DETAILED DESCRIPTION OF THE INVENTION

[0001]

The present invention relates to the construction of buildings, industrial buildings, bridges, rocks and generally natural or man-made structures (buildings, public buildings, burials, quarries, etc.). A device for blasting or destroying objects with explosives.

[0002]

2. Description of the Related Art When destroying buildings, bridges, materials, etc. using explosives, a large number of small charges are placed in holes drilled in the structure to be blasted.

[0003] At present, these small charges are equipped with a medium or high strength electric detonator, which is electrically ignited by an ignition device.

[0004] More precisely, in order to limit the hazards such as vibration, blast, noise, etc., the overall blast is divided into a number of small blasts, which are performed at specific time intervals.

[0005] For this purpose, electric detonators with a small delay are usually used and are successively grouped (for example, 20 each). There is a certain time interval (for example, 1/25000 second) between each primer in the same sequence.

[0006] Sequential blasters which fire several primers at time intervals are also commonly used. In that case, several sequential firing devices may be combined.

[0007] Existing devices according to this principle, when designed to blast a residential building, have a charge of 1500 per firing.
It has ~ 2000 primers. Ignition may last 3-4 seconds due to the interval between blasts initiated by the device. This ignition occurs after preliminary work to install the charge and the squib, which can take three to four days or even a week.

With current equipment, accidental detonations and failures can occur during the preparatory work for installing the charge and the squib.

[0009] The main danger of accidental ignition is due to stray currents that can occur around the detonated charge.
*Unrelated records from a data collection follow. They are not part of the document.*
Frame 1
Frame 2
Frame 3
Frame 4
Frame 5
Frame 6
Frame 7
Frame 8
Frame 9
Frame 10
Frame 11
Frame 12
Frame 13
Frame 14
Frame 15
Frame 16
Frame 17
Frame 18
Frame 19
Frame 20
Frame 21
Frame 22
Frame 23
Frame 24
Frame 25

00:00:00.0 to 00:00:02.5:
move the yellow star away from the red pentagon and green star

Such stray currents can include lightning and currents generated from overhead or underground networks, currents generated from nearby operating electrical equipment (such as transformers, railway and tramway catenary lines, lights), and tunnel excavations. Sometimes caused by a number of causes, such as natural currents circulating underground.

[0010] In addition, the charge may be accidentally ignited by using an electronic device such as a radio, a portable radio telephone, or a portable telephone near the charge.
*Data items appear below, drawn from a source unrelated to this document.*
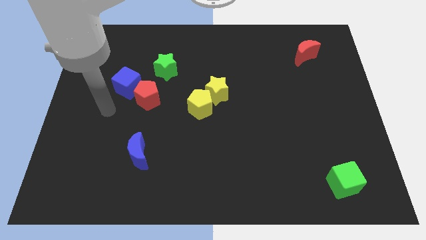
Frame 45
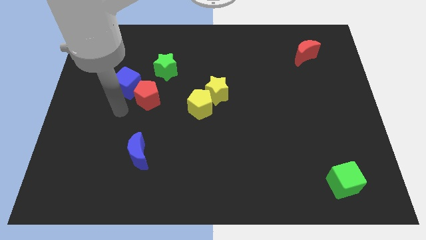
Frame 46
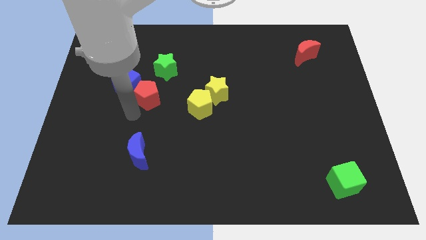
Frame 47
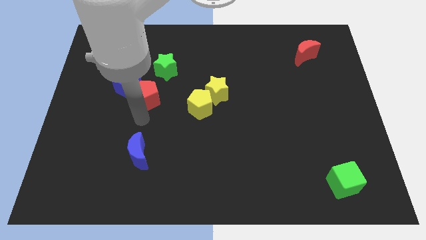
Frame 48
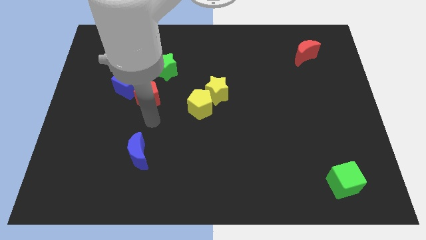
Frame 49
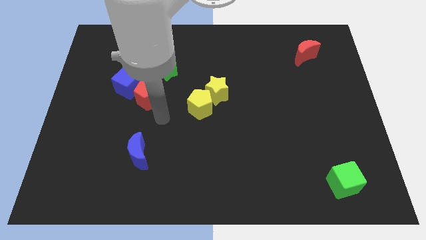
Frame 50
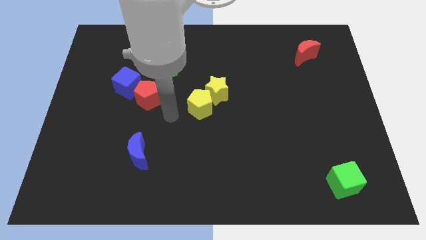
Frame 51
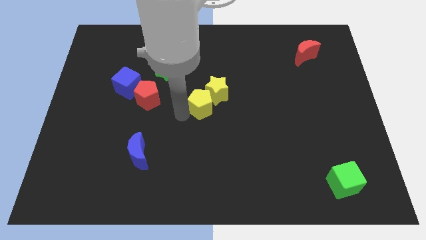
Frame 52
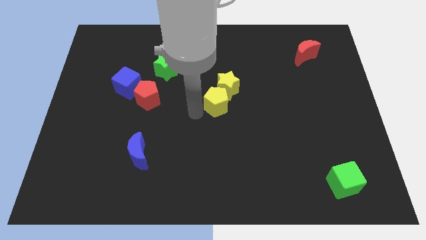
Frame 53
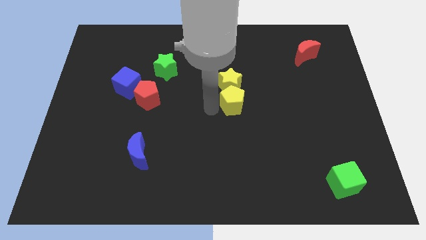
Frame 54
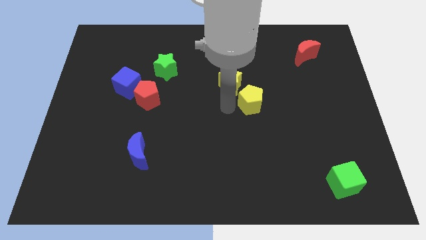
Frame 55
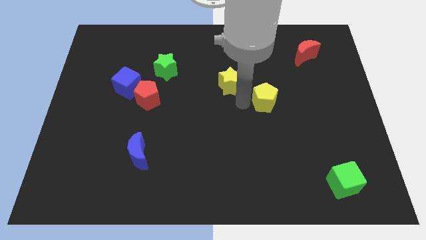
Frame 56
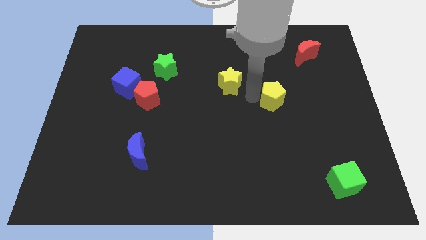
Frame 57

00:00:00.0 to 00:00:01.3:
move the yellow star away from the yellow pentagon

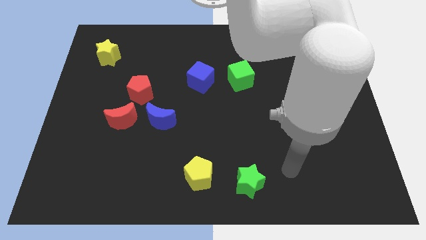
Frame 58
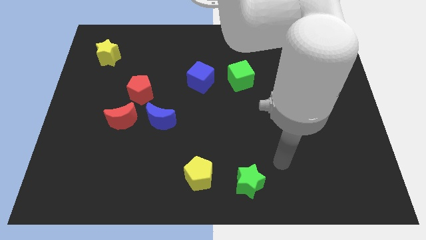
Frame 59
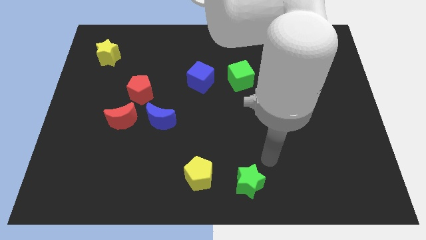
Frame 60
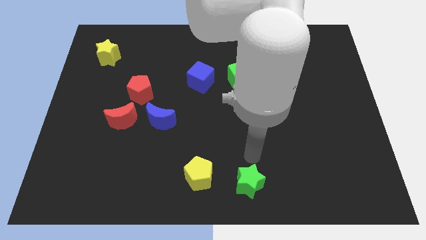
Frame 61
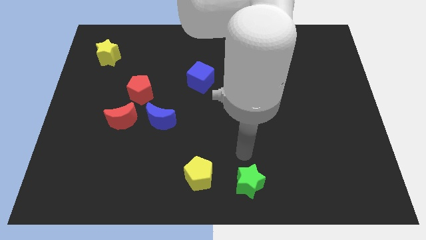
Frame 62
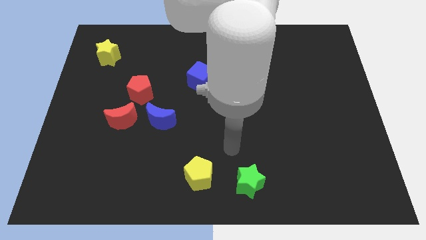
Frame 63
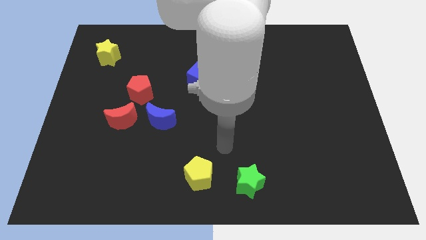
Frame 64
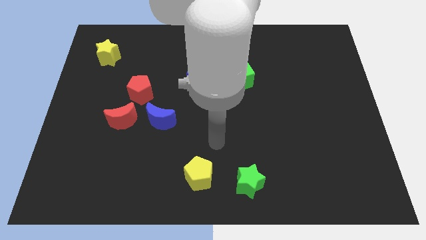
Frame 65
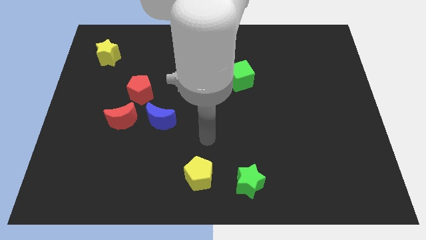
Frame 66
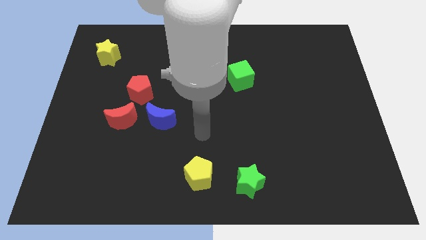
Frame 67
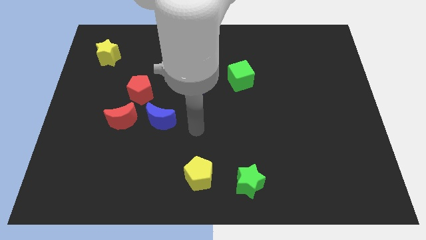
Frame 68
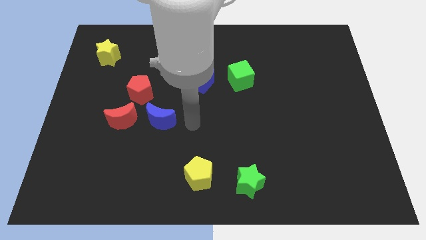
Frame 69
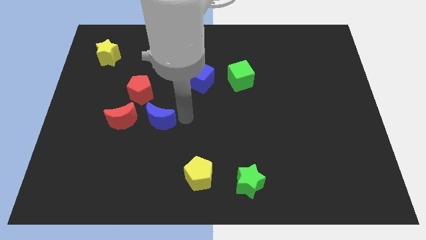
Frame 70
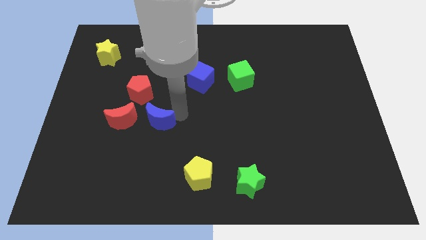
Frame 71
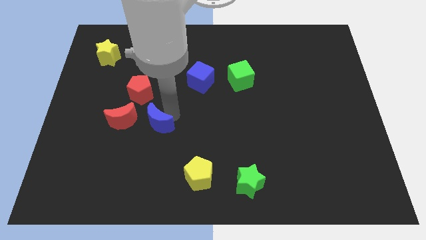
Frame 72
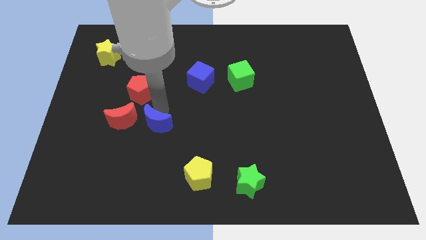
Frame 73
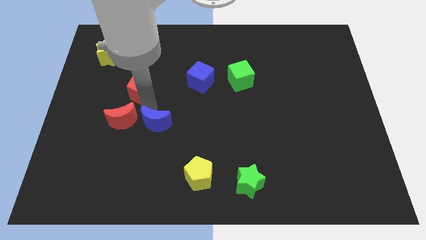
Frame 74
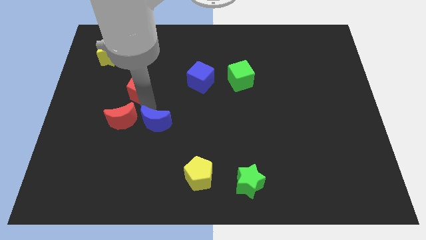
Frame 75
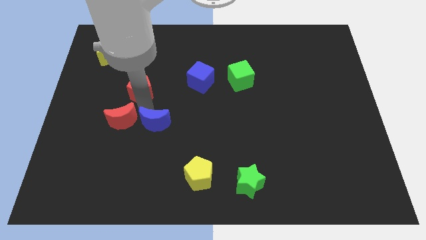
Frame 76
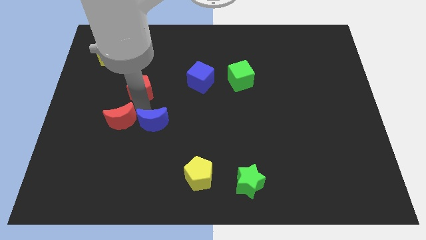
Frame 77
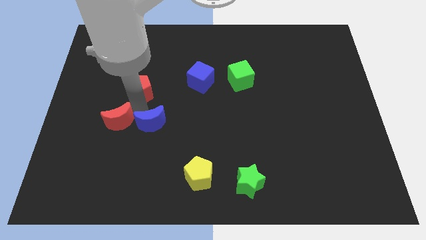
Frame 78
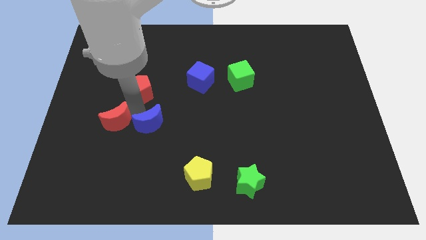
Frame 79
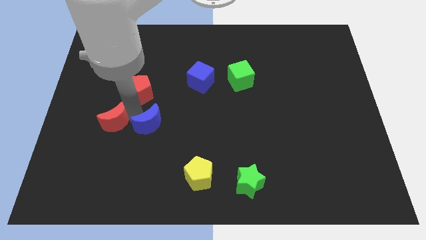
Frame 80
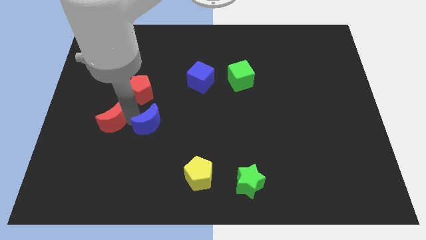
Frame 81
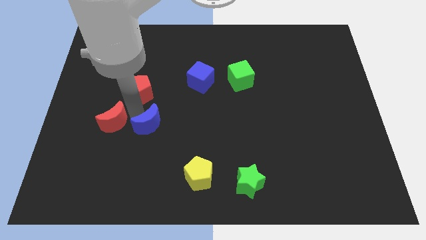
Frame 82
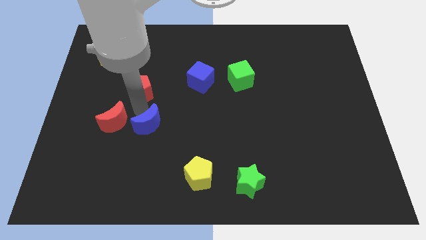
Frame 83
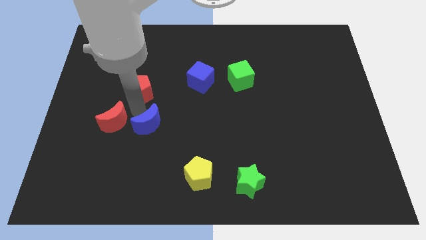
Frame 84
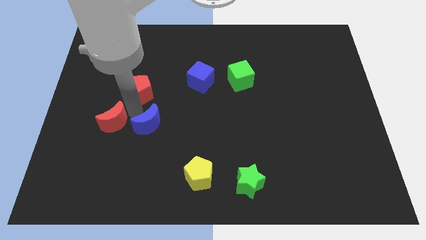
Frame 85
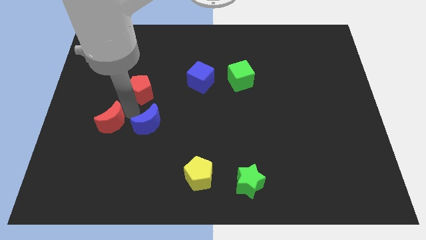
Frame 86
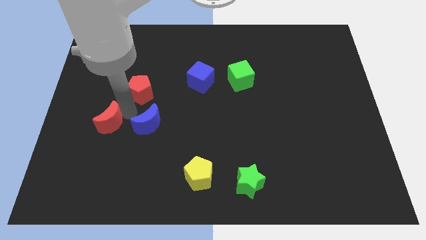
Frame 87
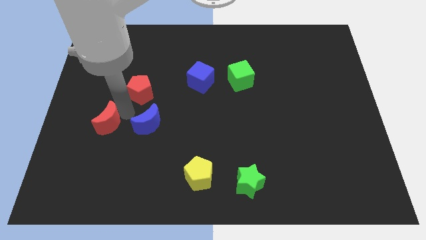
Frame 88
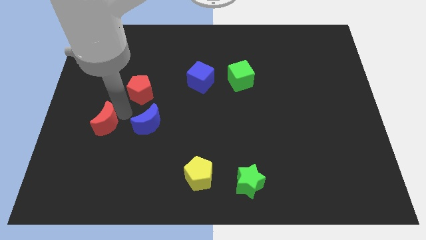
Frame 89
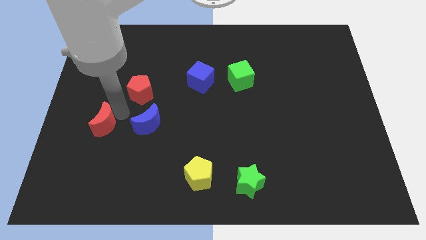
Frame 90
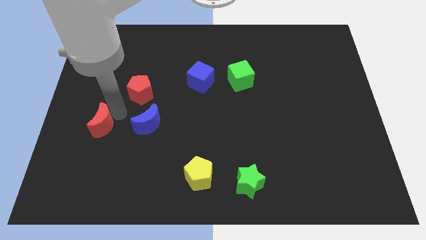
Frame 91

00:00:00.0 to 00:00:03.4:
pull the red moon apart from the blue moon and red pentagon

Accidental firing of the primer may occur during transport or storage, for example due to stray currents or various accidents.
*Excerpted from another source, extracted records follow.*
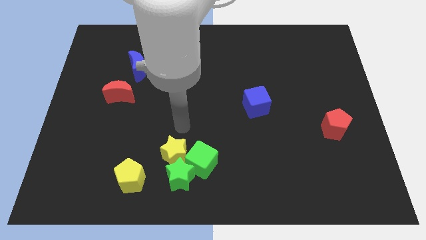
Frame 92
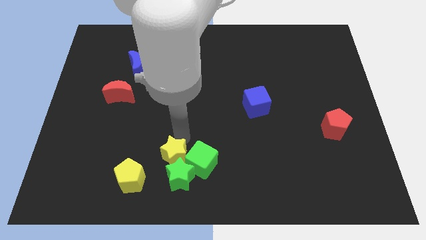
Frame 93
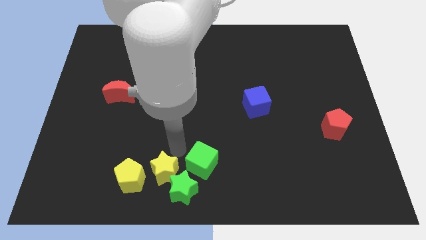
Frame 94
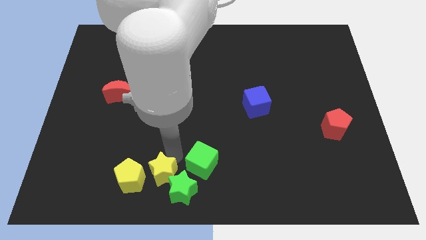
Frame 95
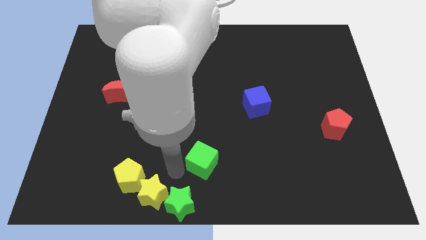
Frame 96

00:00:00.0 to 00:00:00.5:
pull the green cube apart from the green star and yellow star

[0012] Since the drilling operation can last 3 to 4 days or even a week, there is also the risk that a previously installed charge will be ignited by mischief using a simple battery.

Further, when the building to be blasted involves the nuclear industry, such as when blasting a nuclear power plant,
Existing blasting equipment cannot be used on ignition due to disturbances occurring in highly radioactive environments.

[0014] Existing electrically fired blasting devices are also subject to obstacles that can affect blasting operations. One of the specific causes of such an obstruction is a break in the electric wire or a contact between the electric wire and a metal structure such as a protective grid or a metal device in a building to be blasted. If the building to be blasted is a large metal structure, such as a thermal power plant, the failure may be caused by the electric field generated by the massive blocks of steel in the building.

Furthermore, electric detonators used in existing blasting equipment may be stolen and easily reused during transportation and storage, and after installation in the building to be blasted.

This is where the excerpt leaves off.